Shortly after zero reached Baghdad, it attracted the attention of the leading Arab mathematician of the 9th century, the great al-Khwarazmi. He may seem rather obscure, but a corruption of his name gives us the modern computer-science word "algorithm," and the word "algebra" comes from the Arabic term al-jabr that means something like "reassembly" and was part of the title of one of his major works.
Al-Khwarazmi popularized use of the Indian symbols, which we now incorrectly call "Arabic numerals," as well as the exotic notion of zero -- a symbol for nothing whatsoever.
European sages, in turn, picked up the idea of zero from the Arabs.
At first, the notion of a complete absence (true zero) didn't sit well with western minds. Greco-Roman philosophy, as typified in the teachings of Aristotle, had been hostile to the concept of nothingness. It had no place for the idea of complete emptiness, even in what passed for the idea of "outer space," which in those days of an Earth-centered cosmos included everything above the moon.

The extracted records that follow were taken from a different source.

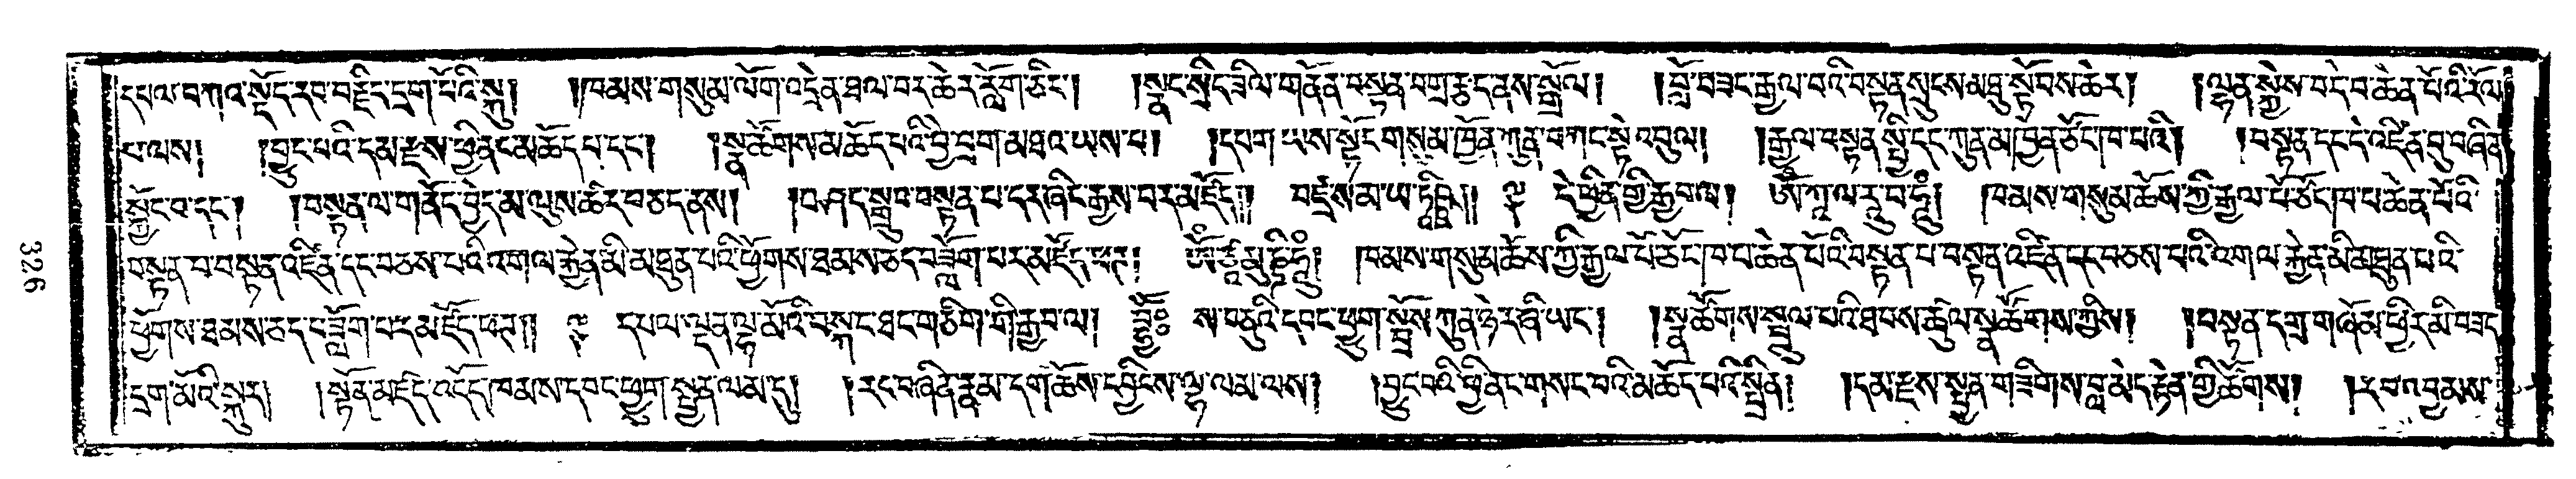དཔལ་བཀའ་སྡོང་རབ་བརྗིད་དྲག་པོའི་སྐུ། །ཁམས་གསུམ་ལོག་འདྲེན་ཐལ་བར་ཆེར་རློག་ཅིང་། །སྣང་སྲིད་ཟིལ་གནོན་བསྟན་བགྲ་རྩད་ནས་སྒྲོལ། །བློ་བཟང་རྒྱལ་བའི་བསྟན་སྲུངས་མཐུ་སྟོབས་ཆེར། །ལྷན་སྐྱེས་བདེ་བ་ཆེན་པོའི་རོལ་
པ་ལས། །བྱུང་པའི་དམ་རྫས་ཕྱི་ནང་མཆོད་པ་དང་། །སྣ་ཚོགས་མཆོད་པའི་བྱེ་བྲག་མཐའ་ཡས་པ། །དཔག་ཡས་སྟོང་གསུམ་ཁྱོན་ཀུན་བཀང་སྟེ་འབུལ། །རྒྱལ་བསྟན་སྤྱི་དང་ཀུན་མཁྱེན་ཙོང་ཁ་པའི། །བསྟན་དང་དེ་འཛིན་བུ་བཞིན་
སྐྱོང་བ་དང་། །བསྟན་ལ་གནོད་བྱེད་མ་ལུས་ཚར་བཅད་ནས། །བཤད་སྒྲུབ་བསྟན་པ་དར་ཞིང་རྒྱས་བར་མཛོད།། བྫྲ་ས་མ་ཡ་ཏཱིཥཊཿཨ།། ༈ དེ་ཕྱིན་གྱི་རྒྱབ་ལ། ཨོཾ་ཀཱ་ལ་རཱུ་བ་ཧཱུཾ། ཁམས་གསུམ་ཆོས་ཀྱི་རྒྱལ་པོ་ཙོང་ཁ་པ་ཆེན་པོའི་
བསྟན་པ་བསྟན་འཛིན་དང་བཅས་པའི་འགལ་རྐྱེན་མི་མཐུན་པའི་ཕྱོགས་ཐམས་ཅད་བཟློག་པར་མཛོད་ཕཊ། ཨོཾ་ཙཱ་མུཎྜི་ཧཱུཾ། ཁམས་གསུམ་ཆོས་ཀྱི་རྒྱལ་པོ་ཙོང་ཁ་པ་ཆེན་པོའི་བསྟན་པ་བསྟན་འཛིན་དང་བཅས་པའི་འགལ་རྐྱེན་མི་མཐུན་པའི་
ཕྱོགས་ཐམས་ཅད་བཟློག་པར་མཛོད་ཕཊ།། ༈ དཔལ་ལྡན་ལྷ་མོའི་བསྐང་ཐང་གཅིག་གི་རྒྱབ་ལ། བྷྱཽཿ ས་བཅུའི་དབང་ཕྱུག་སྤྲོས་ཀུན་ཉེར་ཞི་ཡང་། །སྣ་ཚོགས་སྤྲུལ་པའི་ཐབས་ཚུལ་སྣ་ཚོགས་ཀྱིས། །བསྟན་དགྲ་གཞོམ་ཕྱིར་མི་བཟད་
དྲག་མོའི་སྐུར། །སྟོན་མཛད་འདོད་ཁམས་དབང་ཕྱུག་སྤྱན་ལམ་དུ། །རང་བཞིན་རྣམ་དག་ཆོས་དབྱིངས་ལྷ་ལམ་ལས། །བྱུང་བའི་ཕྱི་ནང་གསང་བའི་མཆོད་པའི་སྤྲིན། །དམ་རྫས་སྤྱན་གཟིགས་བླ་མེད་རྟེན་གྱི་ཚོགས། །རབ་འབྱམས་

You might say that classical thinkers abhorred a vacuum. Certainly, they avoided the void. Indeed, until the end of the 19th century, thousands of highly sophisticated scientists believed that outer space simply could not be empty. They figured it had to be filled with some stuff they called "ether."
Moreover, zero messed up the orderly behavior of arithmetic. Sometimes, it didn't do anything at all: 473 -- 0 = 473. Big deal. But sometimes it made a colossal mess: 473 / 0 = . . . um, well, infinity. Or something else. Or whatever you want it to be.

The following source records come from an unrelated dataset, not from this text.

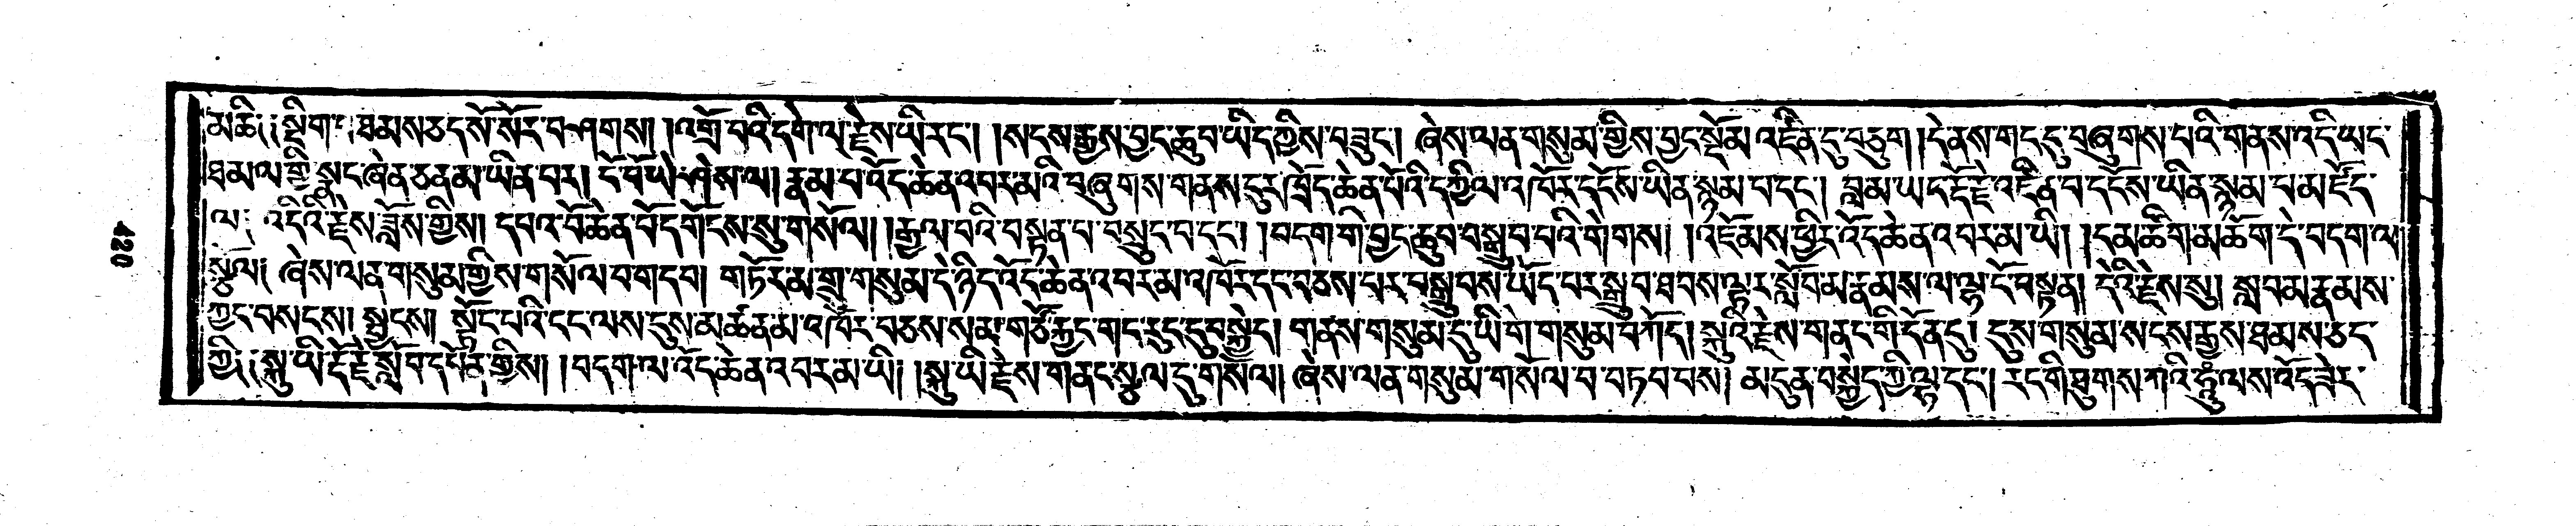མཆི༑ ༑སྡིག་པ་ཐམས་ཅད་སོ་སོར་བཤགས། །འགྲོ་བའི་དགེ་ལ་རྗེས་ཡི་རང་། །སངས་རྒྱས་བྱང་ཆུབ་ཡིད་ཀྱིས་བཟུང་། ཞེས་ལན་གསུམ་གྱིས་བྱང་སྡོམ་འཛིན་དུ་བཅུག །དེ་ནས་གང་དུ་བཞུགས་པའི་གནས་འདི་ཡང་
ཐ་མལ་གྱི་སྣང་ཞེན་ཅན་མ་ཡིན་པར། ངོ་བོ་ཡེ་ཤེས་ལ། རྣམ་པ་འོད་ཆེན་འབར་མའི་བཞུགས་གནས་དུར་ཁྲོད་ཆེན་པོའི་དཀྱིལ་འཁོར་དངོས་ཡིན་སྙམ་པ་དང་། བླ་མ་ཡང་རྡོ་རྗེ་འཛིན་པ་དངོས་ཡིན་སྙམ་པ་མཛོད་
ལ༑ འདིའི་རྗེས་ཟློས་གྱིས། དཔའ་བོ་ཆེན་པོ་དགོངས་སུ་གསོལ། །རྒྱལ་བའི་བསྟན་པ་བསྲུང་བ་དང་། །བདག་གི་བྱང་ཆུབ་བསྒྲུབ་པའི་གེགས། །འཇོམས་ཕྱིར་འོད་ཆེན་འབར་མ་ཡི། །དམ་ཚིག་མཆོག་དེ་བདག་ལ་
སྩོལ༑ ཞེས་ལན་གསུམ་གྱིས་གསོལ་བ་གདབ། གཏོར་མ་གྲུ་གསུམ་དེ་ཉིད་འོད་ཆེན་འབར་མ་འཁོར་དང་བཅས་པར་བསྒྲུབས་ཡོད་པར་སྒྲུབ་ཐབས་ལྟར་སློབ་མ་རྣམས་ལ་ལྷ་ངོ་བསྟན། དེའི་རྗེས་སུ། སློབ་མ་རྣམས་
ཀྱང་བསངས། སྦྱངས། སྟོང་པའི་ངང་ལས་དུས་མཚན་མ་འཁོར་བཅས་སམ་གཙོ་རྐྱང་གང་རུང་དུ་བསྐྱེད། གནས་གསུམ་དུ་ཡི་གེ་གསུམ་བཀོད། སྐུའི་རྗེས་གནང་གི་དོན་དུ། དུས་གསུམ་སངས་རྒྱས་ཐམས་ཅད་
ཀྱི༑ ༑སྐུ་ཡི་རྡོ་རྗེ་སློབ་དཔོན་གྱིས། །བདག་ལ་འོད་ཆེན་འབར་མ་ཡི། །སྐུ་ཡི་རྗེས་གནང་སྩལ་དུ་གསོལ། ཞེས་ལན་གསུམ་གསོལ་བ་བཏབ་པས། མདུན་བསྐྱེད་ཀྱི་ལྷ་དང་། རང་གི་ཐུགས་ཀའི་ཧཱུཾ་ལས་འོད་ཟེར་

But to Eastern minds, nothing was no big deal. After all, many Hindu and Buddhist beliefs were based on the idea that reality actually is illusory, a sort of fictional movie that our brains foolishly project on a screen of cosmic nothingness. In addition, Judeo-Christian and Islamic creation stories involved a deity shaping the Earth from a featureless void.
Philosophy aside, Arabic numerals, with their positional notation and nifty zero, were terrific business tools for those more interested in money than metaphysics.
So by the early 13th century, the Islamic-Indian method of calculating was being advocated by a few Europeans, among them a well-traveled Italian merchant and part-time mathematician named Fibonacci. His book Liber Abaci, or Book of the Abacus, urged the benefits of the Arabic numbering system.
It made a lot of sense. In those days, Europeans were still doing math with Roman numerals. And you couldn't get very far by placing CDXXXVII over LXIV and adding the columns. But put 103 over 21, and you almost automatically ended up with 124. Indeed, calculating with Arabic numerals seemed to be just as fast as using a counting board and gave the user far greater range.
Nonetheless, acceptance was slow. In 1299, Florence banned use of Arabic numerals, ostensibly because it was so easy to alter them -- for example, by turning a 0 into a 6. Of course, a Roman I could be changed to a V with as little effort, but never mind.
Finally, by 1500, there had been plenty of head-to-head computation competitions between counting boards and Arabic numbers. And the numbers were starting to win every time.
Roman numerals finally began to disappear except for ceremonial purposes. And zero, the numerical embodiment of nothing at all, was here to stay.